(Records to process):

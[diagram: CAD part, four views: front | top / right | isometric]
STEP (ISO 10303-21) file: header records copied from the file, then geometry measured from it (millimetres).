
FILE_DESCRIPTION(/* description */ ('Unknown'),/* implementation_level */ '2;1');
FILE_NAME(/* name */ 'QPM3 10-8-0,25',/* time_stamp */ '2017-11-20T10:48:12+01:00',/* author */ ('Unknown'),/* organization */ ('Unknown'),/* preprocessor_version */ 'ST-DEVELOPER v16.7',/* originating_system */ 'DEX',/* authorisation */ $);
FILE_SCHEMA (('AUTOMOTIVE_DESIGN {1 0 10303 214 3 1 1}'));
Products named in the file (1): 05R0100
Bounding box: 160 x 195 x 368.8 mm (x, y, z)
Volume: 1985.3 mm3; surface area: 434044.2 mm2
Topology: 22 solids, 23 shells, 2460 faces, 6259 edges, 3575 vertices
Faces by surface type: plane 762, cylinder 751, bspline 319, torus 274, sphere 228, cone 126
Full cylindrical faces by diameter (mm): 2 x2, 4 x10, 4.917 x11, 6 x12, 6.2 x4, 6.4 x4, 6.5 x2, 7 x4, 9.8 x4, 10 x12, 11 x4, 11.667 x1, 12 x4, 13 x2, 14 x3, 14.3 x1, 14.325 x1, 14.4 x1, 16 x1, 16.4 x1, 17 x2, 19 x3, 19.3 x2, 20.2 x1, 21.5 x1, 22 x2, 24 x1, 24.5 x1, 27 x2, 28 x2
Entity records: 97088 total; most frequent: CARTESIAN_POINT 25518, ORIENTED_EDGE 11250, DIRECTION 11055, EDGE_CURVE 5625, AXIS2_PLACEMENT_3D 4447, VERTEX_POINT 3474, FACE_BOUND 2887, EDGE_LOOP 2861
--
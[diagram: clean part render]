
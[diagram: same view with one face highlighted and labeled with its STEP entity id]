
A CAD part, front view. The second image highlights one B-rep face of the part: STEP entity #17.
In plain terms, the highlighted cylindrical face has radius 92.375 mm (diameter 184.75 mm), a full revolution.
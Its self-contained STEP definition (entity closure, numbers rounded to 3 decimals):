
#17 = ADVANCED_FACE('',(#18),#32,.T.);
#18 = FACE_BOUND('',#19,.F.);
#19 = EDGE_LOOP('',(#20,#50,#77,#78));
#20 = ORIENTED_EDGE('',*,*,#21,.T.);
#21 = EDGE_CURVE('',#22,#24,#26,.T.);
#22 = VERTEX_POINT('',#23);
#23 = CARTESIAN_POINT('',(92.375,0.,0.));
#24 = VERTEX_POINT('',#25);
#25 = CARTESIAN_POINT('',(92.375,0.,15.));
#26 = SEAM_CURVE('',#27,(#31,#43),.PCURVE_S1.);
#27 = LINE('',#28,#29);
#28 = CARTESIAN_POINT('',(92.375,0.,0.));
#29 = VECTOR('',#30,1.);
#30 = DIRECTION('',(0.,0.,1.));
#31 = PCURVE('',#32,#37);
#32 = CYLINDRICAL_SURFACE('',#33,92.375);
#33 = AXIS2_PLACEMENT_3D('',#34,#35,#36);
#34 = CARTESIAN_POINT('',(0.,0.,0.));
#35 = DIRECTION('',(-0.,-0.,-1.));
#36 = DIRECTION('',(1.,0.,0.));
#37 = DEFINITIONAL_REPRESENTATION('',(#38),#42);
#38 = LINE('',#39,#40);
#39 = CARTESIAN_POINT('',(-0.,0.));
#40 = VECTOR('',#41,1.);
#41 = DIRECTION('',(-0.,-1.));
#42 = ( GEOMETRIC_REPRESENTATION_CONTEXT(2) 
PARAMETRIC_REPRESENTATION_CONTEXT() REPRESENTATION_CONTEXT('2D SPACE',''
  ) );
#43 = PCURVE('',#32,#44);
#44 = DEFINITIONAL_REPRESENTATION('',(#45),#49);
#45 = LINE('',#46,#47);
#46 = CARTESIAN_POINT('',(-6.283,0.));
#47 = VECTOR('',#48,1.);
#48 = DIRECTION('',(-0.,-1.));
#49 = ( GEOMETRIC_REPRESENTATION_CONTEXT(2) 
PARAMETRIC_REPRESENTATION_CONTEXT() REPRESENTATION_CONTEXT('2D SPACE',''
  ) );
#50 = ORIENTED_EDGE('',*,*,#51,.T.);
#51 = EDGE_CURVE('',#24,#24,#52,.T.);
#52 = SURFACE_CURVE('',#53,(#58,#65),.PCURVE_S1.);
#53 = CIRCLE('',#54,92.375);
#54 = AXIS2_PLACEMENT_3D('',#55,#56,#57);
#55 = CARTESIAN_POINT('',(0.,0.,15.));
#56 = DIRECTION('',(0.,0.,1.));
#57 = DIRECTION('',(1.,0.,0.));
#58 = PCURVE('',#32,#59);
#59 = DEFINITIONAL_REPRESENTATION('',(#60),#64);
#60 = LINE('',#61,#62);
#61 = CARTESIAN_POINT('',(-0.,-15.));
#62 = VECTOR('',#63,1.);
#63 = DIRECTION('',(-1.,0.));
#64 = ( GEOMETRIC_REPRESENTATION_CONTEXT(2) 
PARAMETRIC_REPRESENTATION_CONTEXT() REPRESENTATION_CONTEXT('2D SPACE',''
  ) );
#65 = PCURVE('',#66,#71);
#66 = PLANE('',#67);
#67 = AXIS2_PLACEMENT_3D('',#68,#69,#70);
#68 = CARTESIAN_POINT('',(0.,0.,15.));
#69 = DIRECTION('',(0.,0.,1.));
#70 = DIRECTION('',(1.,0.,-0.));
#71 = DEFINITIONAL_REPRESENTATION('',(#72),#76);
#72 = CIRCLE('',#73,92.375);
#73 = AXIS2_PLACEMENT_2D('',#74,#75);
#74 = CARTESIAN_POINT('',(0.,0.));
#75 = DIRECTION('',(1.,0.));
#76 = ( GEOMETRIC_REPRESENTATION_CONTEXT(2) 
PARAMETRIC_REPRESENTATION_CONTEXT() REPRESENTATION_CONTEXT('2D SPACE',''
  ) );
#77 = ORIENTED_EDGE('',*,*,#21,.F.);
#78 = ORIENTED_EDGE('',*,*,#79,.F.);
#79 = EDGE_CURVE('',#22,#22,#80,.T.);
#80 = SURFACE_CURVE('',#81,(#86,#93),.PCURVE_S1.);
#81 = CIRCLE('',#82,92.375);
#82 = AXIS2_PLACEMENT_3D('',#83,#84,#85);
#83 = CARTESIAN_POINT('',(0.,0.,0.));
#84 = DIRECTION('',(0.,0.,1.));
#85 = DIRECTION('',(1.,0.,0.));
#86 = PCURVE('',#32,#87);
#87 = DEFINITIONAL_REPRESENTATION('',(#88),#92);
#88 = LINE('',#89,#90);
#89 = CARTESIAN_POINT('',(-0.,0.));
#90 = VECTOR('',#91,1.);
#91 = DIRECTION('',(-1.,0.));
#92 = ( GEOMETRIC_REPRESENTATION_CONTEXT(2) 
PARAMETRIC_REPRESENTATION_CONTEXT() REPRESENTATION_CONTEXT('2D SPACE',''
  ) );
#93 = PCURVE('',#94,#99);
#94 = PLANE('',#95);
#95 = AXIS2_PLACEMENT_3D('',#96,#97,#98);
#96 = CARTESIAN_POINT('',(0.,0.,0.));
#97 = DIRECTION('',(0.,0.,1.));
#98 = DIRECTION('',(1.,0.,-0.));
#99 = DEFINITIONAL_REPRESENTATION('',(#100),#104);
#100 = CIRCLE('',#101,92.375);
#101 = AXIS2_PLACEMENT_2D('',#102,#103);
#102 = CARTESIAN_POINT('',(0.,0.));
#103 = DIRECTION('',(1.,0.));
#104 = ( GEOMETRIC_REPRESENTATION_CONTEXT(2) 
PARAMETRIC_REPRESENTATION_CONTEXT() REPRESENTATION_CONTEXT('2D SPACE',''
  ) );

(What is being asked): Your answer should consist of the lines from the line with "Its self-contained STEP" to the line with "#24 = VERTEX_POINT('',#25);" above, repeated exactly, both ends included.

(Task solution):
Its self-contained STEP definition (entity closure, numbers rounded to 3 decimals):
#17 = ADVANCED_FACE('',(#18),#32,.T.);
#18 = FACE_BOUND('',#19,.F.);
#19 = EDGE_LOOP('',(#20,#50,#77,#78));
#20 = ORIENTED_EDGE('',*,*,#21,.T.);
#21 = EDGE_CURVE('',#22,#24,#26,.T.);
#22 = VERTEX_POINT('',#23);
#23 = CARTESIAN_POINT('',(92.375,0.,0.));
#24 = VERTEX_POINT('',#25);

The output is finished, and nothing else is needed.